Dieses Album spricht mich optisch so unglaublich an. Dieses Album klingt so unglaublich gut. Dieses Album fängt so unglaublich stark an. Warum ist Commencement am Stück dann trotzdem so unglaublich langweilig?

Ich kann es mir kaum erklären. Die ersten beiden Songs Key to Gramercy Park und Winners sind krasse Hits. Absolut catchy und schwer aus dem Kopf zu bekommen. Brand New Love  und Mansion Love sind dann zumindest noch nett. Doch danach?

Nunja, es ist nicht unbedingt so, dass der Rest der Platte dann zwingend mies ist, aber das er nicht zwingend gut steht für mich ausser Frage. Zu langatmig und damit auch langweilig gestalten sich die noch verbleibenden 50(!) Minuten. Die Geschwindigkeit des ersten Tracks wird mit keinem der Stücke mehr erreicht und man schnarcht bei einem Tempo vor sich hin, das sogar weit unter Mid liegt.

Da nützt es leider auch nichts, dass als Gastmusiker mit Jay Gordon, Troy Van Leuween oder Jonathan Davis einige von mir geschätzte Persönlichkeiten am Start sind. Im Gegenteil: Geradezu nervige Stücke wie She likes Big Words oder Cruella sind zum Teil durch genannte Prominenz mitverschuldet worden. Die obligatorische 80er Jahre Coverversion im modernen Milleniumsgewand darf dann natürlich auch nicht fehlen. Allerdings geht mir Tom Sawyer schon im Original von Rush auf den Senkel und weder Deadsy noch Mindless Self Indulgence vermochten es meine Meinung daran zu ändern.

Musikalisch tropft das ganze Commencement – Klangbild nur so vor daumendicken Synthies,futuristischen Z-tars, knarzenden Bässen und hat einen unüberhörbaren 80s-touch. Klanglich in eine fette Josh Abraham/Jay Baumgardner-Produktion eingebettet, kann mich der Sound voll und ganz überzeugen. Wären doch nur die Songs besser….

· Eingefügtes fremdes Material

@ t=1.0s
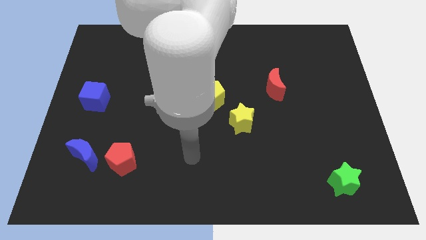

Bei Kritikern und auch bei der Zielgruppe blieb Commencement eher unbeachtet und fuhr dann auch eher schlechte Kritiken ein. Leider kann ich mich da nur anschliessen. Warum ich dann überhaupt über diese Platte schreibe? Weil ich sie so gern lieben würde. Weil ich sie so gern in den Händen halte. Weil The Key to Grammercy Park ein Über-Hit ist. Weil diese Band an sich soviel Potential hatte. Weil vielleicht andere das in der Platte erkennen, was sie seinerzeit zum Lieblingsalbum eines gewissen Fred Durst machte.

 

The Key to Gramercy Park

Brand New Love



Tracklist:

  1. The Key to Gramercy Park
  2. Winners
  3. Brand New Love
  4. Mansion World
  5. Lake Waramaug
  6. The Elements
  7. Flowing Glower
  8. Future Years
  9. She Likes Big Words
  10. Cruella
  11. Seagulls (The Macroprosopus)
  12. Le Cirque En Rose (Obsolescence)
  13. Tom Sawyer
  14. Commencement

Commencement kann man komplett auf Spotify streamen oder für 0,77 € an Amazon sein Eigen nennen. Gibt da wohl auch verschiedene Coverversionen bei der die Farben des Gartenteichs variieren. Mein Exemplar ist dunkelblau, hab ich aber auch schon in weiß, hellblau oder rot gesehen.Tracks sind aber meines Wissens nach überall gleich. Catch em all! Oder so…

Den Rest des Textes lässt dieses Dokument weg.